**PROMPT**
Lines from the beginning of the material below through the line that has "left and down." are to be reproduced exactly, but pictures are not.

**EXTRACTED RECORDS**
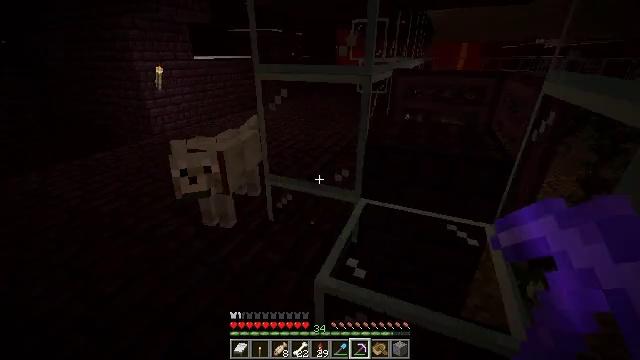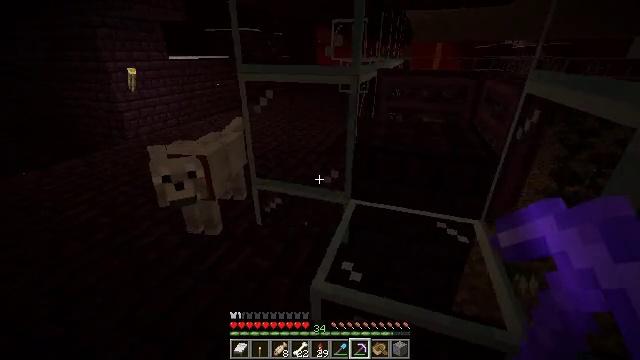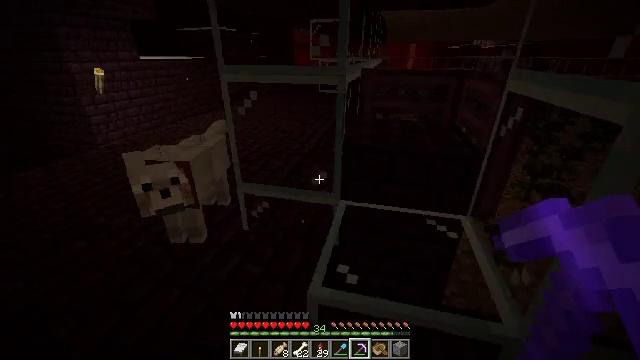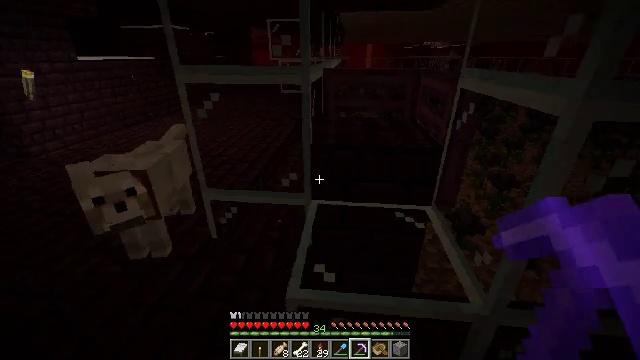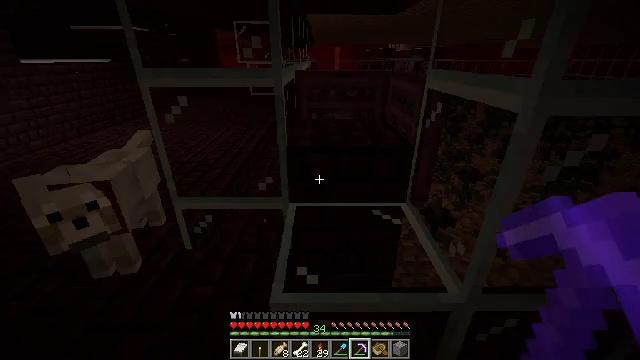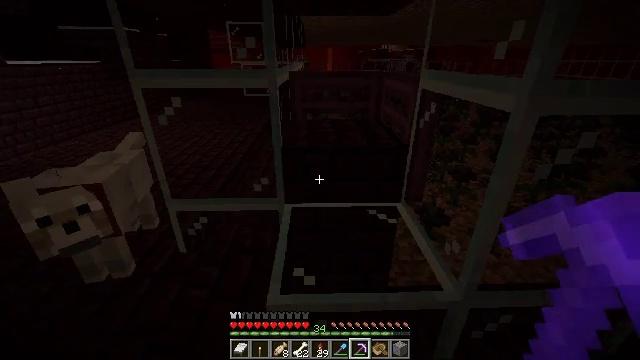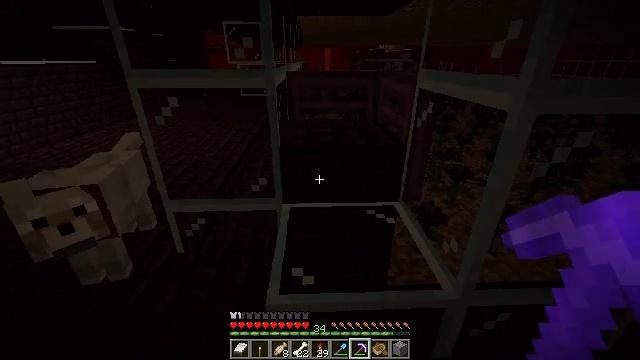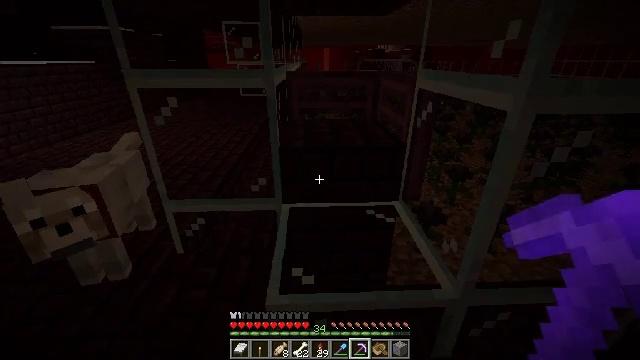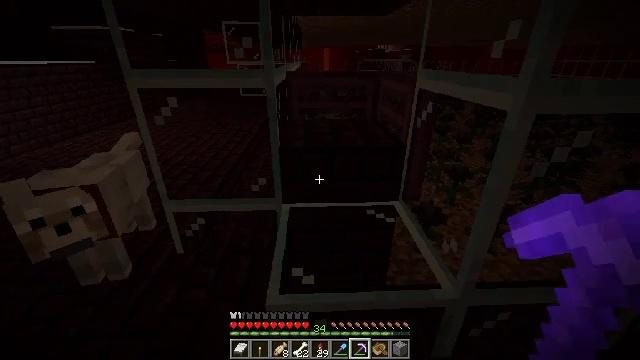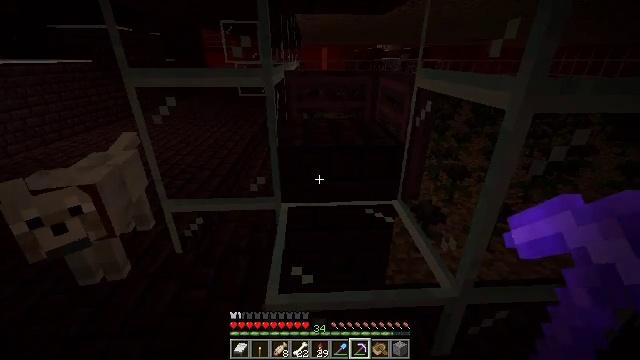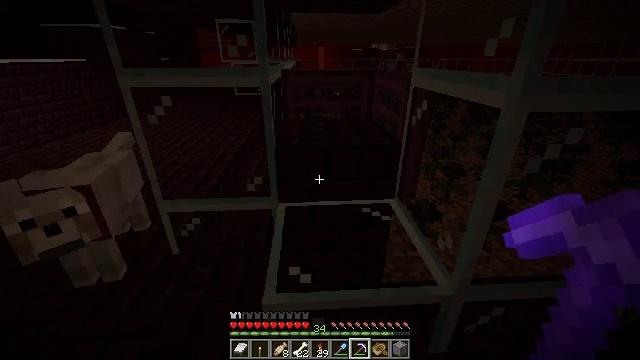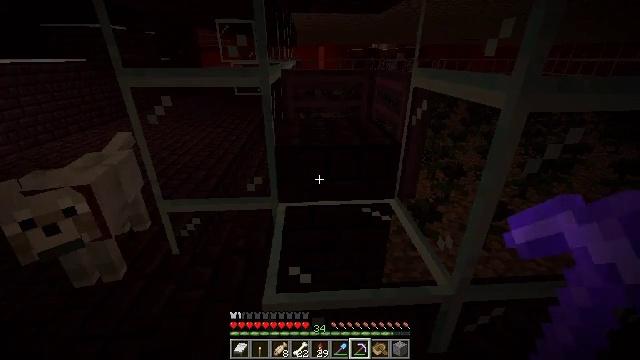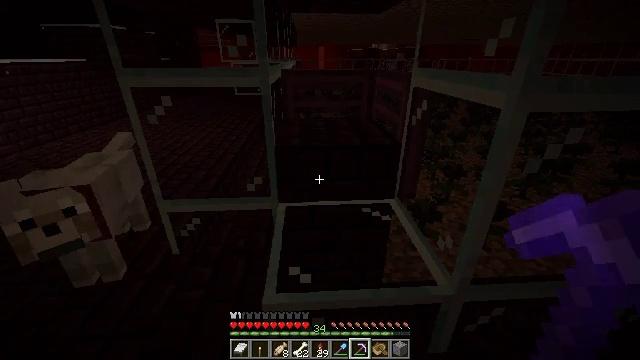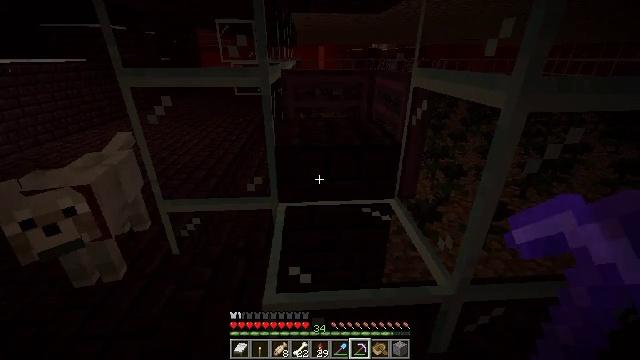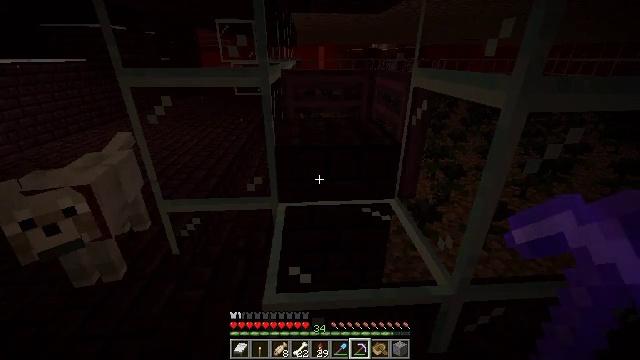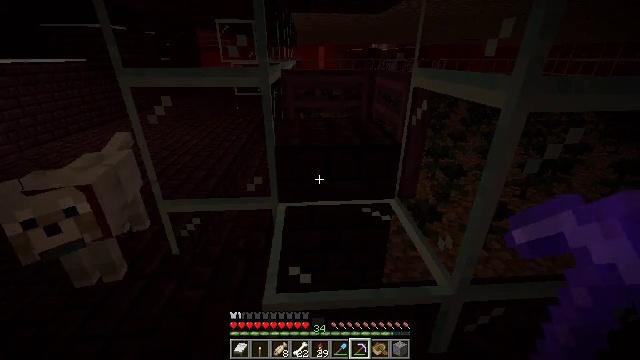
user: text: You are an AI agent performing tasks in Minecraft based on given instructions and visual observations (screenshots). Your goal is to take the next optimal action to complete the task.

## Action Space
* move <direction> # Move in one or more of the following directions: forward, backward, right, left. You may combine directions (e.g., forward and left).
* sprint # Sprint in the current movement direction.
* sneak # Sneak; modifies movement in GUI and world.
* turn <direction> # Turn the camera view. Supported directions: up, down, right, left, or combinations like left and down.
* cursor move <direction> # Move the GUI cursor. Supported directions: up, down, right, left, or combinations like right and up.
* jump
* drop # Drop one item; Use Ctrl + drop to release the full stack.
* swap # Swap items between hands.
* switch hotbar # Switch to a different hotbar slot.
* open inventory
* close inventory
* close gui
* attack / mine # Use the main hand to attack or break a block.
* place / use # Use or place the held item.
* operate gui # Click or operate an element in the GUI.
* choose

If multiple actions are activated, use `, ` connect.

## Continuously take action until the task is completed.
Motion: motion action
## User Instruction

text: Break the nether brick slab.
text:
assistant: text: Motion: turn right
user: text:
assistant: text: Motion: turn right
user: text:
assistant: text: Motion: turn right
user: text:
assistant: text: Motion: turn right
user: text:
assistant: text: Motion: turn right
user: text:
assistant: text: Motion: no_op
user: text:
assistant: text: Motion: no_op
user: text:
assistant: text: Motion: no_op
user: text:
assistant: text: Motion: no_op
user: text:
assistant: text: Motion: no_op
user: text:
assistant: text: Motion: no_op
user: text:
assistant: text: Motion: no_op
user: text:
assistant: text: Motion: no_op
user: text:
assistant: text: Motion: no_op
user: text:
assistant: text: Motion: no_op
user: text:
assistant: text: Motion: no_op
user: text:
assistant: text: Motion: no_op
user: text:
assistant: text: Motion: no_op
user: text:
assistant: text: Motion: no_op
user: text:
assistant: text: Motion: no_op
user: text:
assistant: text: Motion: no_op
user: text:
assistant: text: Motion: no_op
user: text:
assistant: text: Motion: no_op
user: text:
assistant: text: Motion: no_op
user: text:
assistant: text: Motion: no_op
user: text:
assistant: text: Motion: no_op
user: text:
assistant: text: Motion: no_op
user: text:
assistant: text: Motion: no_op
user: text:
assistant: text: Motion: no_op
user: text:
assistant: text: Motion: no_op
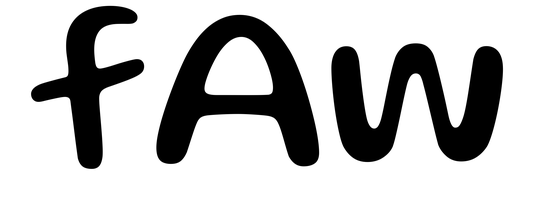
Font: Gluten_Regular
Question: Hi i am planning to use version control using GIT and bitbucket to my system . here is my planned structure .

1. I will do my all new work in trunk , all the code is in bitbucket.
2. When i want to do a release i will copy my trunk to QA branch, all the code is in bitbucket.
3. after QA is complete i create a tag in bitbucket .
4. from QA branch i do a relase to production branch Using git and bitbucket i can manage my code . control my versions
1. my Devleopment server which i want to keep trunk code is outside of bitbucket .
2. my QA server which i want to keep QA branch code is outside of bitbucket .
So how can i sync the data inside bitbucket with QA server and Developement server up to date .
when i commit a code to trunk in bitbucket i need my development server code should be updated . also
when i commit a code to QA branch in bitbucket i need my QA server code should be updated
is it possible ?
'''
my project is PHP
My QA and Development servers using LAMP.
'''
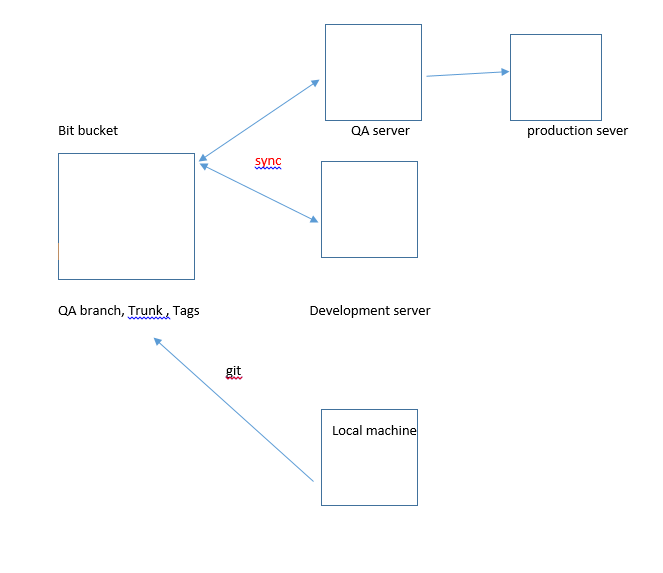
Answer: Depending on your specific setup, you could potentially use <URL> to automatically notify your QA server that there are changes checked in, then it could pull the new data from BitBucket.
---
Another alternative is to just push your code from your dev machine. Your QA server could have a Git server on it that you can push code to. Normally I would handle this by having 2 "remotes" set up in Git. Then you could:
'''
git checkout qa-branch # switch to QA branch
git merge trunk # bring code changes from trunk into qa branch
git push bitbucket qa-branch # save qa branch to bitbucket
git push qaserver qa-branch # update qa server
'''
On the QA server, you could use <URL> to respond to code being pushed, and run a script to deploy the code.
I this is basically what <URL>.
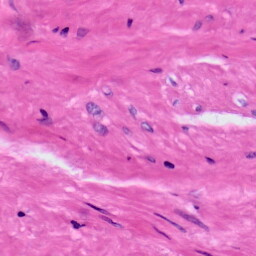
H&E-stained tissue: Prostate
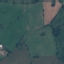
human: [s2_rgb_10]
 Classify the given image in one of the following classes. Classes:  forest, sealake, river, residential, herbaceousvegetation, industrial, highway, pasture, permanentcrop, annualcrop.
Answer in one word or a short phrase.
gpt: Pasture
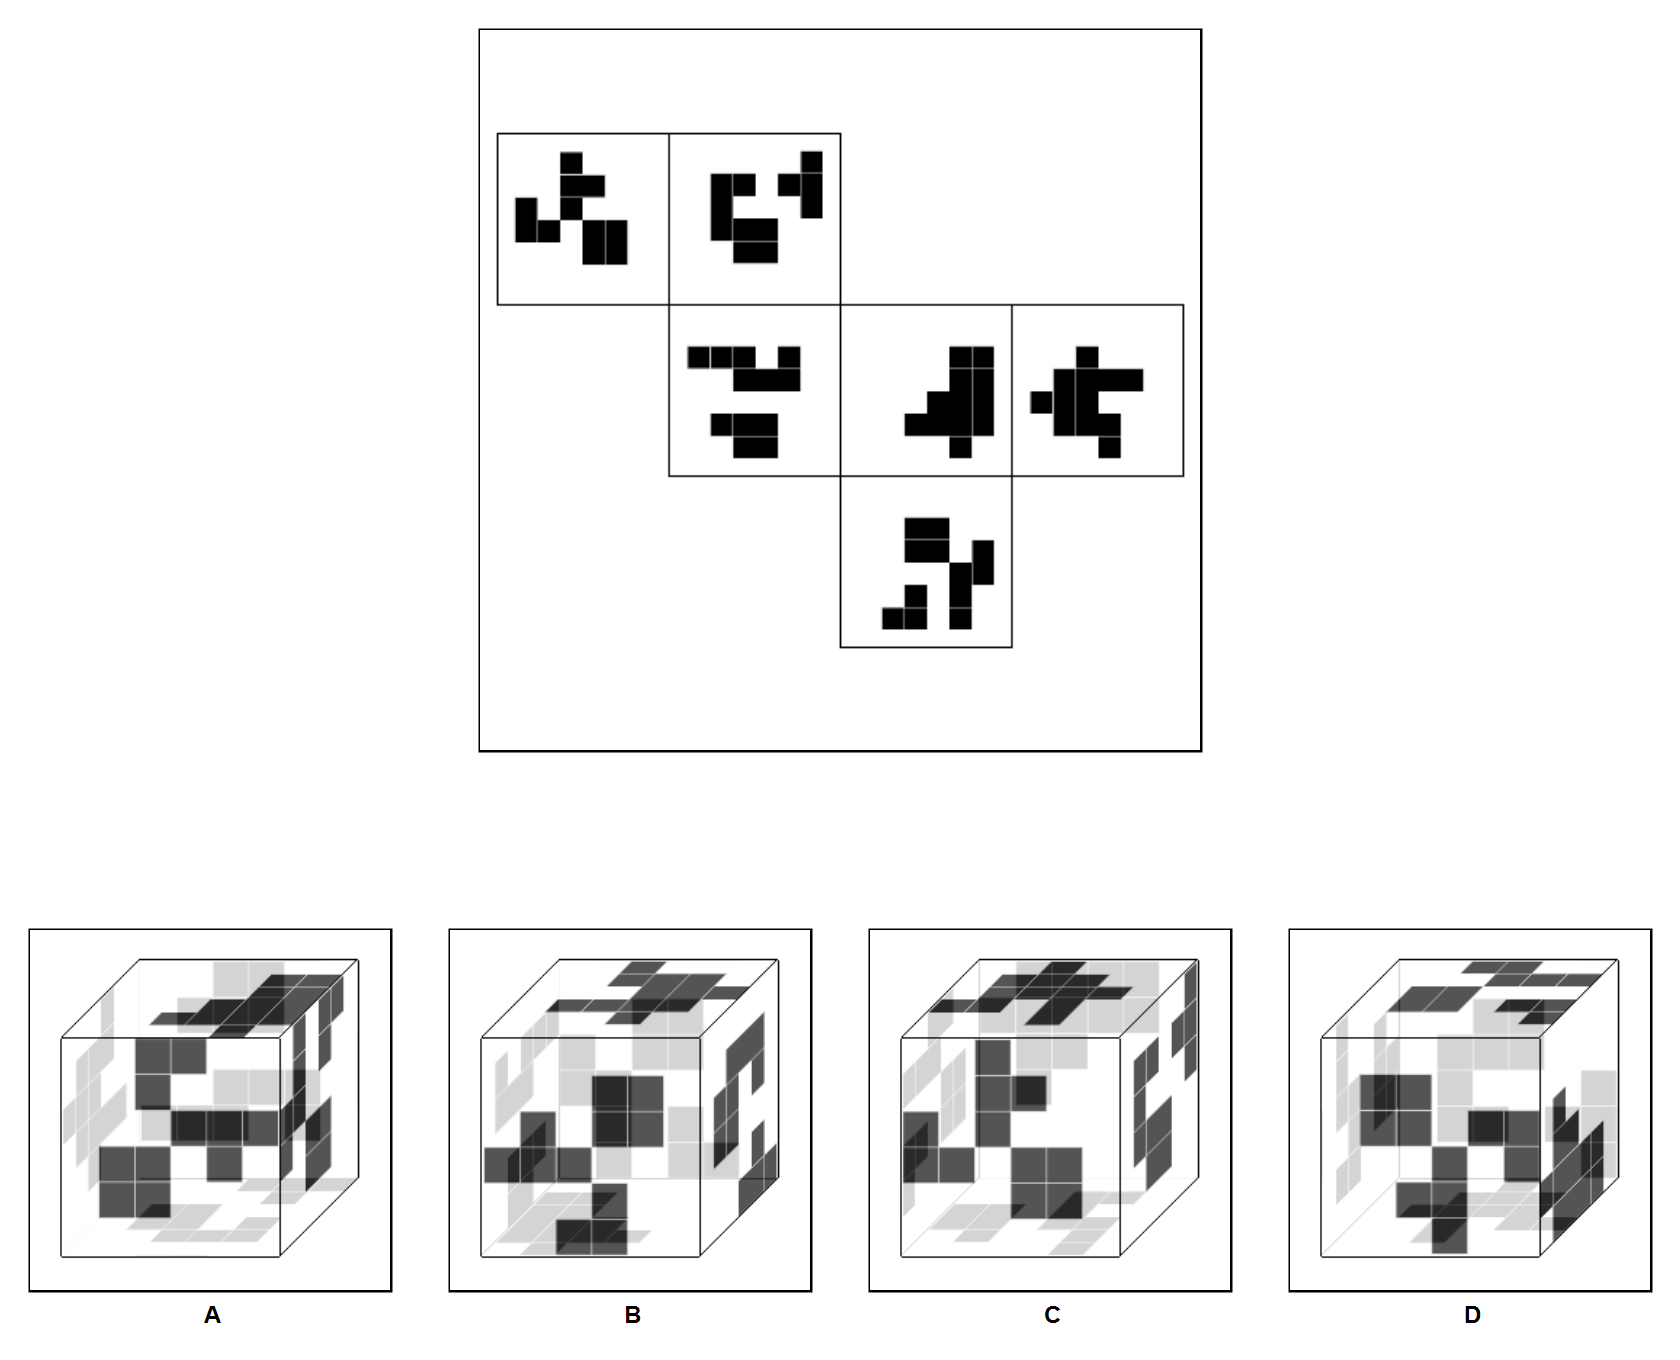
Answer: C

**COMPLETED EXERCISE**
user: text: You are an AI agent performing tasks in Minecraft based on given instructions and visual observations (screenshots). Your goal is to take the next optimal action to complete the task.

## Action Space
* move <direction> # Move in one or more of the following directions: forward, backward, right, left. You may combine directions (e.g., forward and left).
* sprint # Sprint in the current movement direction.
* sneak # Sneak; modifies movement in GUI and world.
* turn <direction> # Turn the camera view. Supported directions: up, down, right, left, or combinations like left and down.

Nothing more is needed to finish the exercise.